Is SLO County seeking to profit from heroin addicts?

September 3, 2016

749px-Money_and_pills_in_three_colorsBy JOSH FRIEDMAN and KAREN VELIE

Amid a growing opioid problem, San Luis Obispo County has announced plans to expand its substance abuse treatment programs. However, critics say the plans are inadequate in that they focus on providing replacement medication rather than full detoxification.

The county’s plans to promote drug replacement therapy as opposed to residential drug detox will result in a longer term revenue stream as addicts or their insurance provide monthly payments to the county.

In 2015, SLO County ranked fourth per capita in California in heroin overdoses leading to hospitalizations, according to state data analyzed by CalCoastNews. Likewise, 36 county residents died because of opioid overdoses last year, up from 15 in 2006, according to figures recently released by the SLO County Opioid Safety Coalition.

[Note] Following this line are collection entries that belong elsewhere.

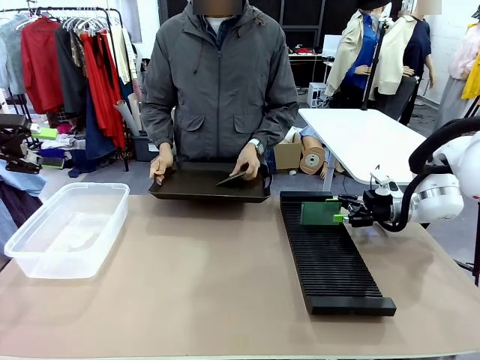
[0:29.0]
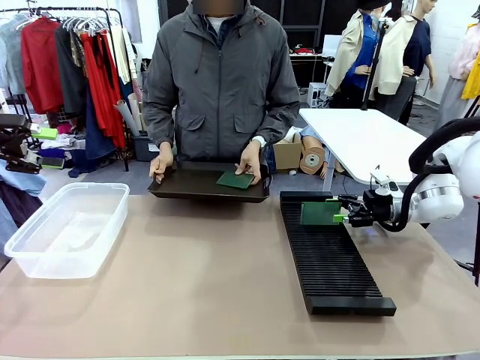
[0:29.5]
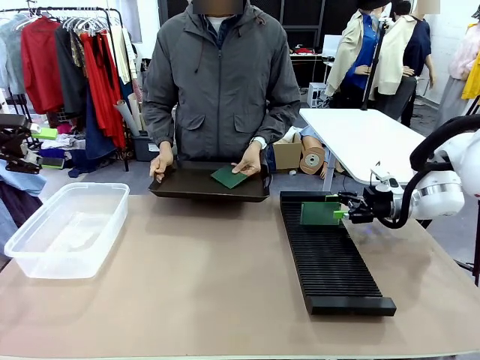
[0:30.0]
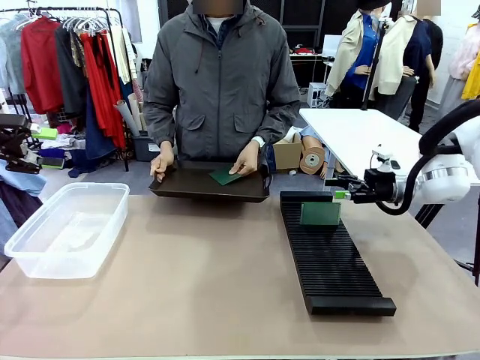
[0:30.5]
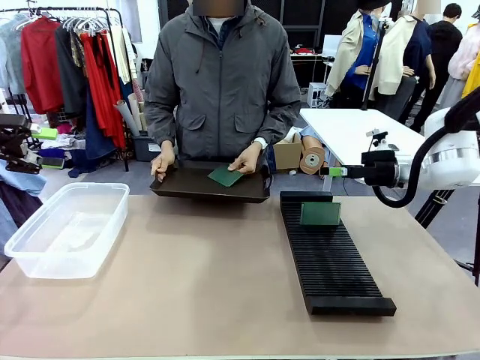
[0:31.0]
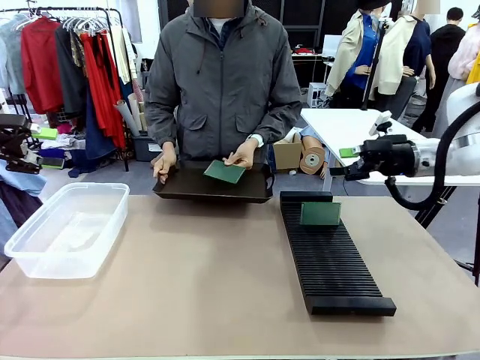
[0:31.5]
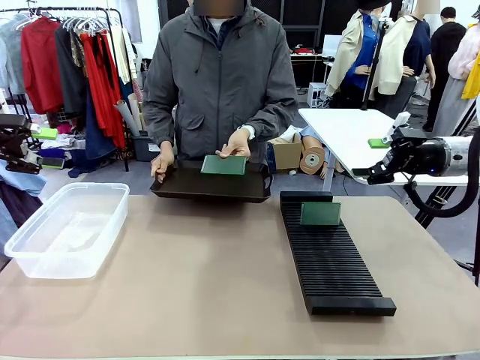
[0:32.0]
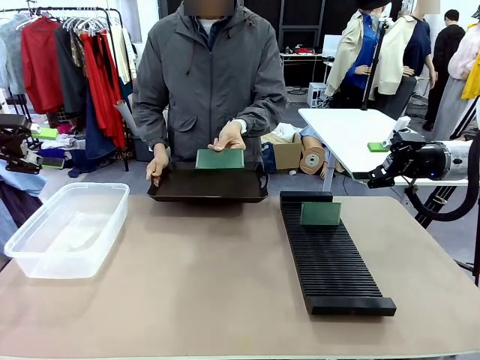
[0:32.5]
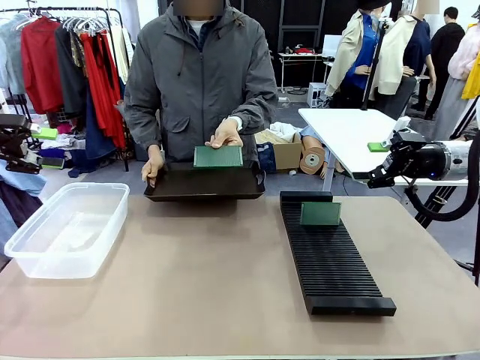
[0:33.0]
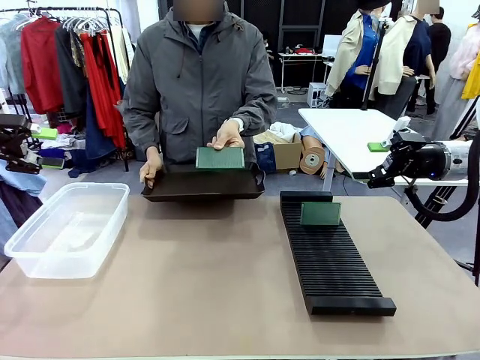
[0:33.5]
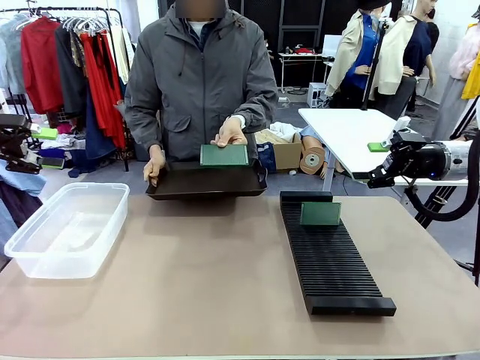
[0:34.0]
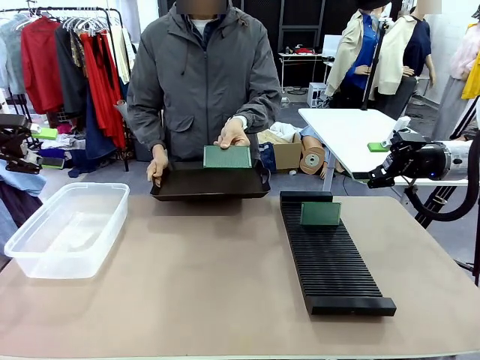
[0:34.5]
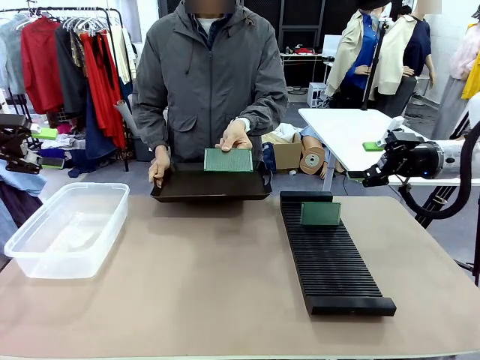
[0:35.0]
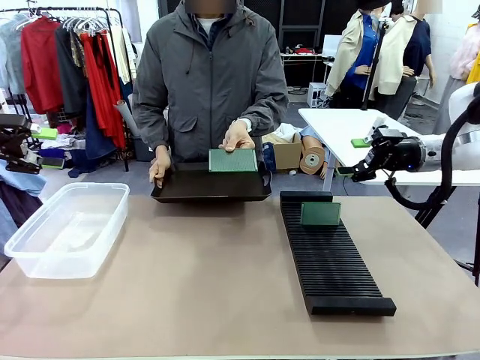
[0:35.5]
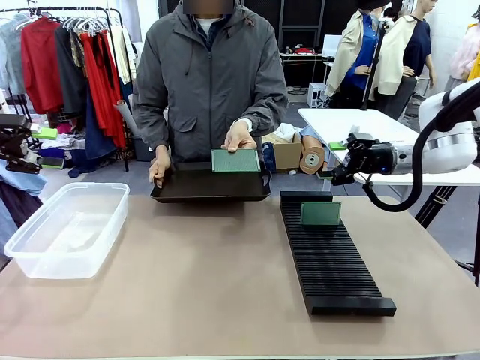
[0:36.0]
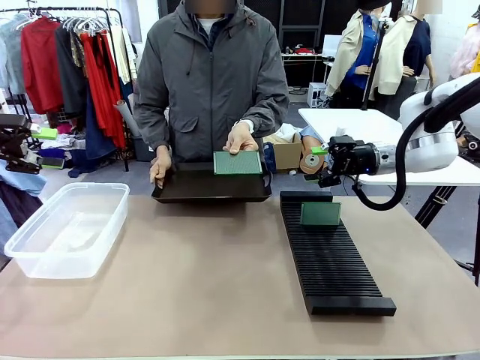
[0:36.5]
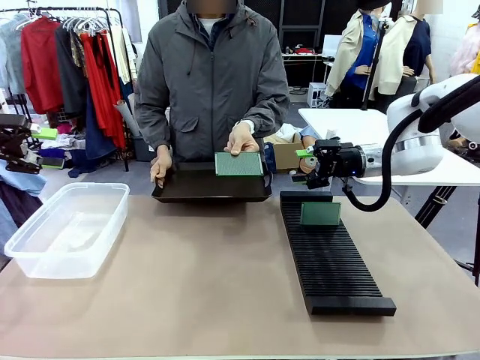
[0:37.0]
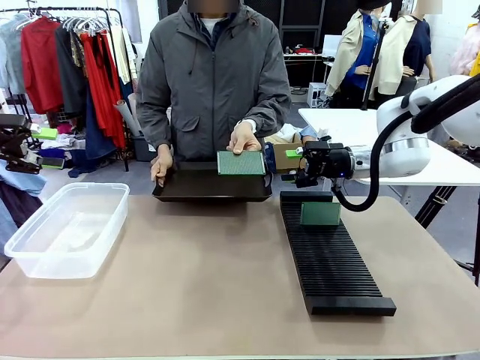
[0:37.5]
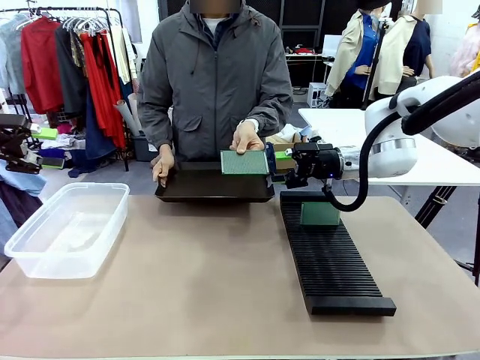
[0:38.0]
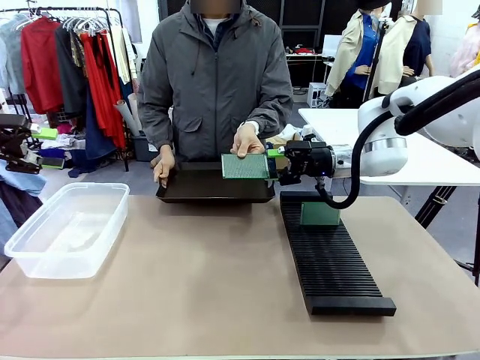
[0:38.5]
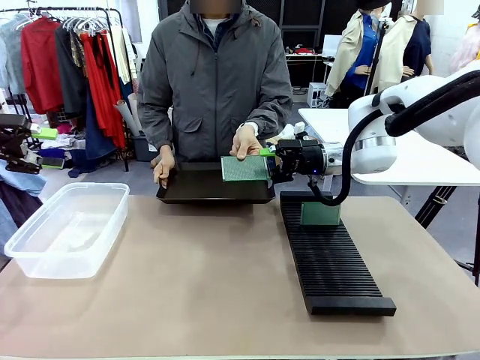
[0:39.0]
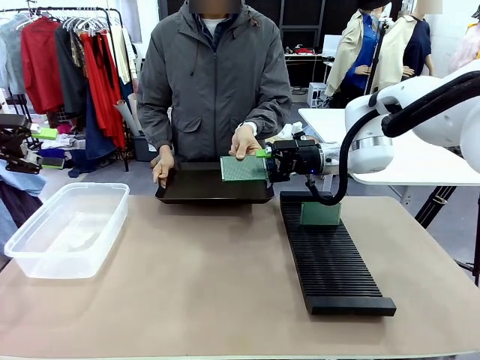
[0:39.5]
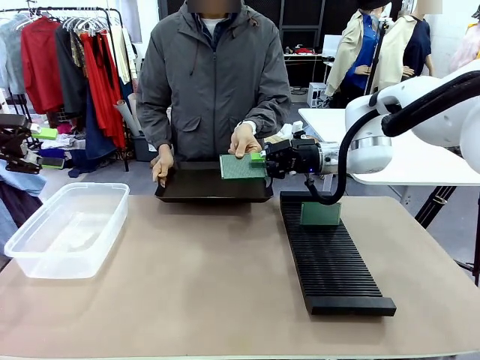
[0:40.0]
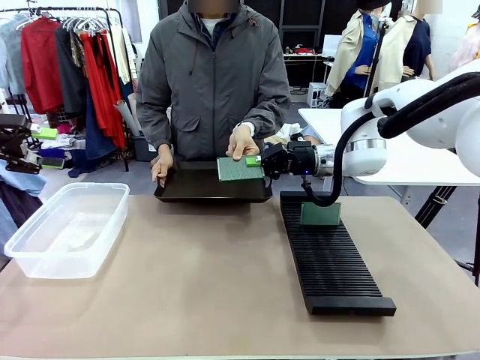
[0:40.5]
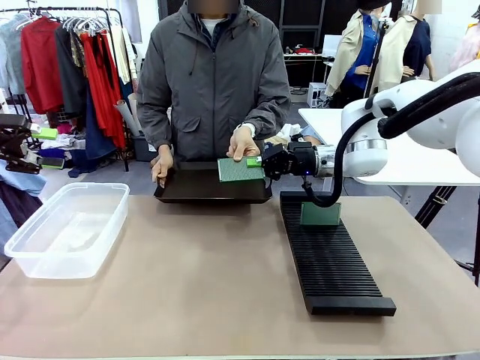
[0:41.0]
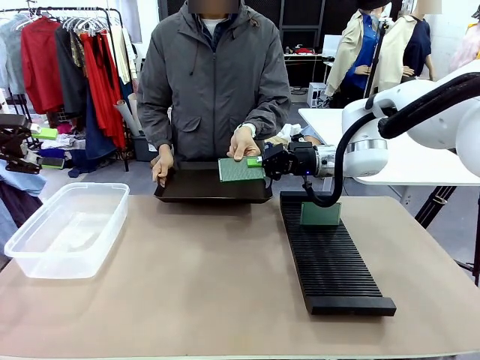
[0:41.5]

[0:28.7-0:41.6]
Task: Sort PCBs into racks and boxes based on the side picked up.
Robot: Pick up the Blank PCB handed by the Human.

While SLO County is seriously lacking in treatment programs, it also ranks well above the state average for opioid prescriptions per capita. In 2013, there were 774 opioid prescriptions for every 1,000 residents in SLO County. There were 563 opioid prescriptions per 1,000 residents statewide.

California counties with the lowest opioid overdose rates tend to have at least one residential detox. For example, Fresno County residential detox programs offer a cumulative total of 122 beds. Fresno had one fourth the heroin-induced hospitalizations per capita in 2015 as SLO County.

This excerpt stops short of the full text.